In this article, we will be discussing what a DNS TXT Record is, how it works, and examples of how you can use this record to work with your site. Keep reading to find out what a DNS TXT Record is, how it works and how you can use this record to work with your website.
What is a DNS TXT Record?
A DNS TXT Record is a special type of DNS Record that is used to store extra data besides the standard DNS Record information. This record is stored in the DNS server and is accessible to the end-users of the DNS.
How does DNS TXT Record work?
You can use the TLD (Top-level Domain) of the DNS server to define what type of data is stored in the TXT Record. Each TLD has a set of predefined TXT Records that you can use if you want to use a specific technique to work with your site.

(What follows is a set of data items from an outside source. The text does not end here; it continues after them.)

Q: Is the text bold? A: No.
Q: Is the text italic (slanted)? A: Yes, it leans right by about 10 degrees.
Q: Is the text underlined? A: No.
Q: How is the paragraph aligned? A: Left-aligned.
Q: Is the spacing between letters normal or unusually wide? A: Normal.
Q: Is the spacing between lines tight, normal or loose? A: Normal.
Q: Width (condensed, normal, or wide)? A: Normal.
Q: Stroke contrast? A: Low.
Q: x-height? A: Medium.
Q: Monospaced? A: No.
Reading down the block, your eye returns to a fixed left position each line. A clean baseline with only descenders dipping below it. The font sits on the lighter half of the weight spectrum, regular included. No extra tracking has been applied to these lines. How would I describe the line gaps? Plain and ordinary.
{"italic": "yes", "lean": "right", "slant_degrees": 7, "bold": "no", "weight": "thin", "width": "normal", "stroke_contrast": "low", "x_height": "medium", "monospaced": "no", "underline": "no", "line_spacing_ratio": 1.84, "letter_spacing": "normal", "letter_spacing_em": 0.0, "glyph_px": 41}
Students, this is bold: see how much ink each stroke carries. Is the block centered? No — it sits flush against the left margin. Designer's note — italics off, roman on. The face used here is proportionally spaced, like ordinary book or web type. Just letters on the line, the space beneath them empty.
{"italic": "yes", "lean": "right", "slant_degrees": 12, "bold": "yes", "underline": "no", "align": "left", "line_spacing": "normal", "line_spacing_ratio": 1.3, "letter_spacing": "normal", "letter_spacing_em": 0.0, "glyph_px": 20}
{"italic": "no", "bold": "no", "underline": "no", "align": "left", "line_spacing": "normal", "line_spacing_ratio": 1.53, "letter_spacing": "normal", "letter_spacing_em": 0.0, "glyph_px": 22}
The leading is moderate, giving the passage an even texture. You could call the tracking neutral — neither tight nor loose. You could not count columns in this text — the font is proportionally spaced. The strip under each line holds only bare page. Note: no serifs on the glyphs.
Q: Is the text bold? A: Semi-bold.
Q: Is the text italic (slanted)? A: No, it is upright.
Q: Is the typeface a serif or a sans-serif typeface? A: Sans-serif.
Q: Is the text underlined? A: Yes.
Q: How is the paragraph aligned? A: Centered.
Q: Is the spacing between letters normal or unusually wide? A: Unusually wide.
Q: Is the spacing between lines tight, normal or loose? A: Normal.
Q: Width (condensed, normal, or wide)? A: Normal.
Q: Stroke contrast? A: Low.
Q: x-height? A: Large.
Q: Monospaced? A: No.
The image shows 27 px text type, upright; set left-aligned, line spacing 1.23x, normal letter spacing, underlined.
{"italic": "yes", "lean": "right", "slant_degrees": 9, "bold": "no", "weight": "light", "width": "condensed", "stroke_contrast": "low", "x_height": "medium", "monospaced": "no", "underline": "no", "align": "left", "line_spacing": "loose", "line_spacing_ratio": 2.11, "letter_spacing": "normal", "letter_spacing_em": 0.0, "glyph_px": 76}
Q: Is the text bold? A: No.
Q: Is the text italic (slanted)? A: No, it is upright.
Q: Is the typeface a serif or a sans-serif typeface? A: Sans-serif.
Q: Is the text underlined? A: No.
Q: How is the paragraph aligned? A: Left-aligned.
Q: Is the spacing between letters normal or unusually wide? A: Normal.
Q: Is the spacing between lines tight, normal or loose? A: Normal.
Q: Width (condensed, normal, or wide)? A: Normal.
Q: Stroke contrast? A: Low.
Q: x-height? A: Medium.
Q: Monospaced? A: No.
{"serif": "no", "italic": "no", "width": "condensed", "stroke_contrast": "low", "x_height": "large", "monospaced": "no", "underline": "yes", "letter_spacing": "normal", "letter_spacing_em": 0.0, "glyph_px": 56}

For example, if you have a to validate your Domain name with Google and you are hosting with Hosting Australia, you can use Hosting Australia’s DNS servers to create a DNS TXT record that points your Domain name to Google to validate your domain name.

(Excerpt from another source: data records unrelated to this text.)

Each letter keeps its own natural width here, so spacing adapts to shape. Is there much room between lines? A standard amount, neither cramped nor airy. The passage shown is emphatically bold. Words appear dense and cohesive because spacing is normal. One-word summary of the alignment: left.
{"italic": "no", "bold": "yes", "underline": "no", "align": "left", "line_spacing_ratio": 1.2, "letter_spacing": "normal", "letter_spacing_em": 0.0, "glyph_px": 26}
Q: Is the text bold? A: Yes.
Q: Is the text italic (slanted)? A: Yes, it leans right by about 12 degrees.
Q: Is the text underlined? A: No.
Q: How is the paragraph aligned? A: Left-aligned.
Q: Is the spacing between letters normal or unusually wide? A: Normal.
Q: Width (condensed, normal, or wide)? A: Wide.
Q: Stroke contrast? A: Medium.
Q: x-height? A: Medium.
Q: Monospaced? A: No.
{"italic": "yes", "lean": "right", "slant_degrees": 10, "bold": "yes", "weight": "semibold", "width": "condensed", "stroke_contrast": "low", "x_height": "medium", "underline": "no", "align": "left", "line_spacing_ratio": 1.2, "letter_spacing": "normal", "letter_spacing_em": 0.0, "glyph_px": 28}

Examples of DNS TXT Record
TXT records can be used to ensure email security with the following records.
These records can be used to prevent phishing, spamming, and other malicious activity:
SPF is a standard email authentication method. SPF helps protect your domain against spoofing and helps prevent your outgoing messages from being marked as spam by receiving servers. SPF specifies the mail servers that are allowed to send emails for your domain. Receiving mail servers use SPF to verify that incoming messages that appear to come from your domain were sent by servers authorized by you.

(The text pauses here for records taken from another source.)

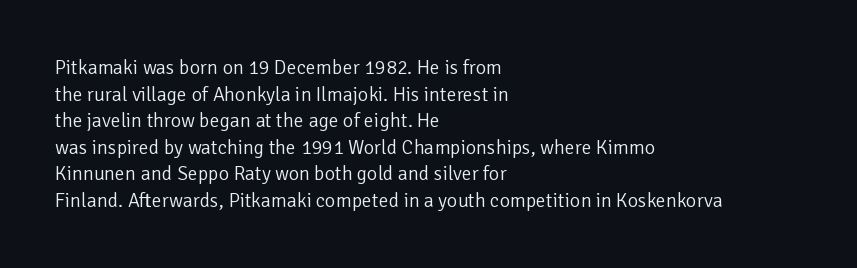
{"italic": "no", "bold": "no", "underline": "no", "align": "left", "line_spacing": "normal", "line_spacing_ratio": 1.33, "letter_spacing": "normal", "letter_spacing_em": 0.0, "glyph_px": 20}
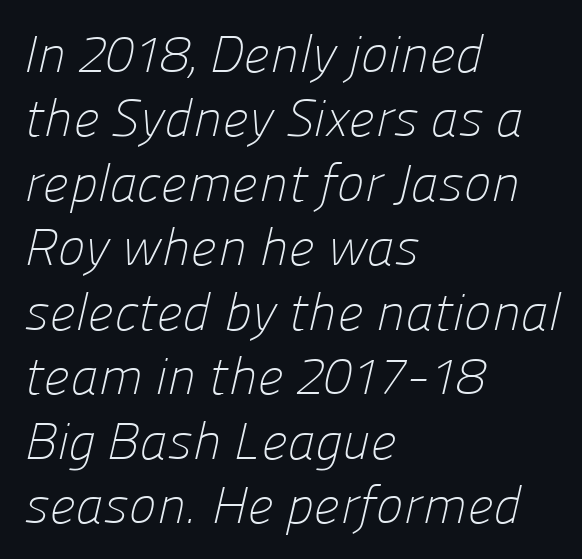
The strokes carry an ordinary text weight at most. You could not count columns in this text — the font is proportionally spaced. The letters carry no serifs — their stems end cleanly without finishing strokes. Tracking value appears to be zero — textbook default spacing.
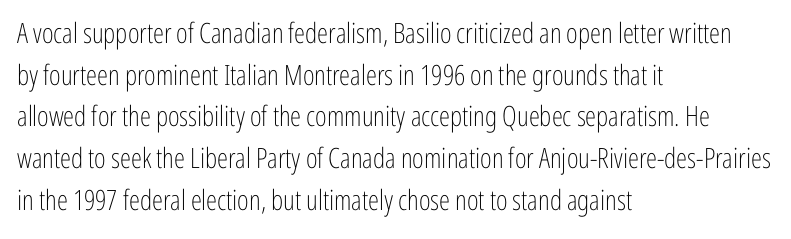
{"serif": "no", "italic": "no", "bold": "no", "weight": "light", "width": "condensed", "stroke_contrast": "low", "x_height": "medium", "monospaced": "no", "underline": "no", "align": "left", "line_spacing": "normal", "line_spacing_ratio": 1.49, "letter_spacing": "normal", "letter_spacing_em": 0.0, "glyph_px": 28}
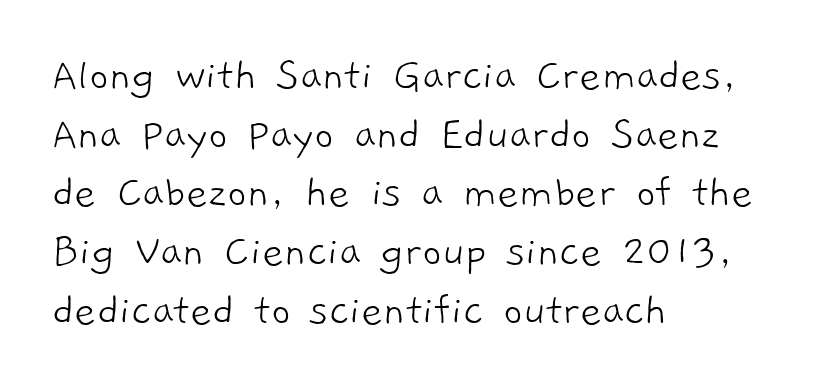
{"serif": "no", "bold": "no", "weight": "light", "width": "normal", "stroke_contrast": "low", "x_height": "medium", "monospaced": "no", "underline": "no", "align": "left", "line_spacing": "normal", "line_spacing_ratio": 1.25, "letter_spacing": "normal", "letter_spacing_em": 0.0, "glyph_px": 47}
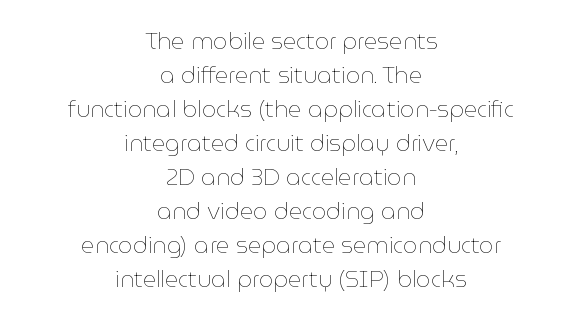
Horizontal bands of white between lines are of average thickness. The rag falls on both sides of this text block equally. No heavy texture on the line: the type isn't bold. Do the letters lean? They stand straight.
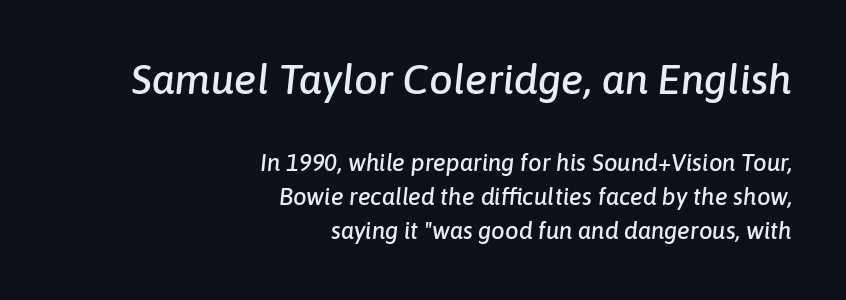
The image shows 42 px text type, italic (leaning right); set right-aligned, normal line spacing (1.43x), normal letter spacing, not underlined; the first (top) block is 1.75x larger; low stroke contrast and a medium x-height.
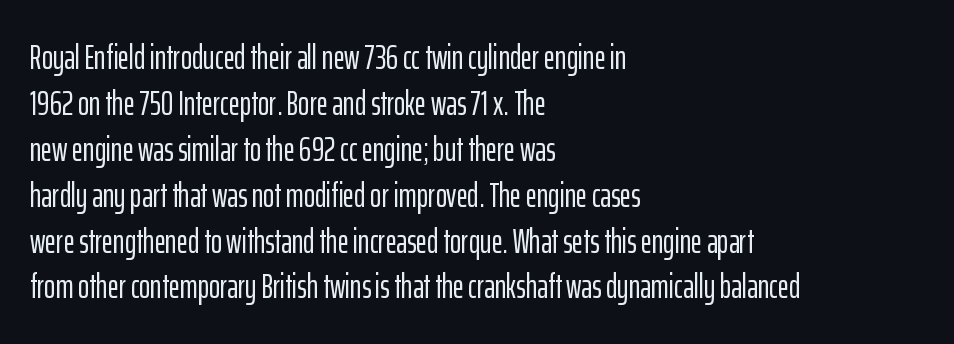
Descenders hang freely into open space. There is no visible air inserted between adjacent glyphs. Casual observation: everything's shoved over to the left. Posture: vertical. Leading: standard. Proportional: the letters do not fall into vertical columns.

|hosting-australia.com||3600||TXT||v=spf1 ip4:188.8.131.52 ip6:2a05:d018:e3:8c00:bb71:dea8:8b83:851e|
DKIM Adds a digital signature to every outgoing message, which lets receiving servers verify the message actually came from your organization.
DKIM help’s to protect your domain against spoofing and helps prevent your outgoing messages from being marked as spam. Spoofing is a type of email attack that forges the From address of an email message. A spoofed message appears to be from the impersonated organization or domain.
DKIM detects when a message has been modified, and when unauthorized changes are made to the message From: address.
Without DKIM, messages sent from your organization or domain are more likely to be marked as spam by receiving mail servers.
|big-email._hosting-australia.com||3600||TXT||v=DKIM1; p=76E629F05F70 9EF665853333EEC3F5ADE69A 2362BECE4065 8267AB2FC3CB 6CBE|
DMARC: Let you tell receiving servers what to do with outgoing messages from your organization that doesn’t pass SPF or DKIM.
DMARC is a standard email authentication method. DMARC helps mail administrators prevent hackers and other attackers from spoofing their organization and domain. Spoofing is a type of attack in which the From address of an email message is forged. A spoofed message appears to be from the impersonated organization or domain.
DMARC also lets you request reports from email servers that get messages from your organization or domain. These reports have information to help you identify possible authentication issues and malicious activity for messages sent from your domain.
Use TXT records to verify domain ownership
You can use TXT records to verify your domain with providers such as Microsoft, Google, Wix, Squarespace. This helps the provider find and validate the domain the provider gives you a record to add to your domain settings, when the provider sees that you’ve added the record, your domain ownership is confirmed and can allow other records to be added such as MX and CNAME.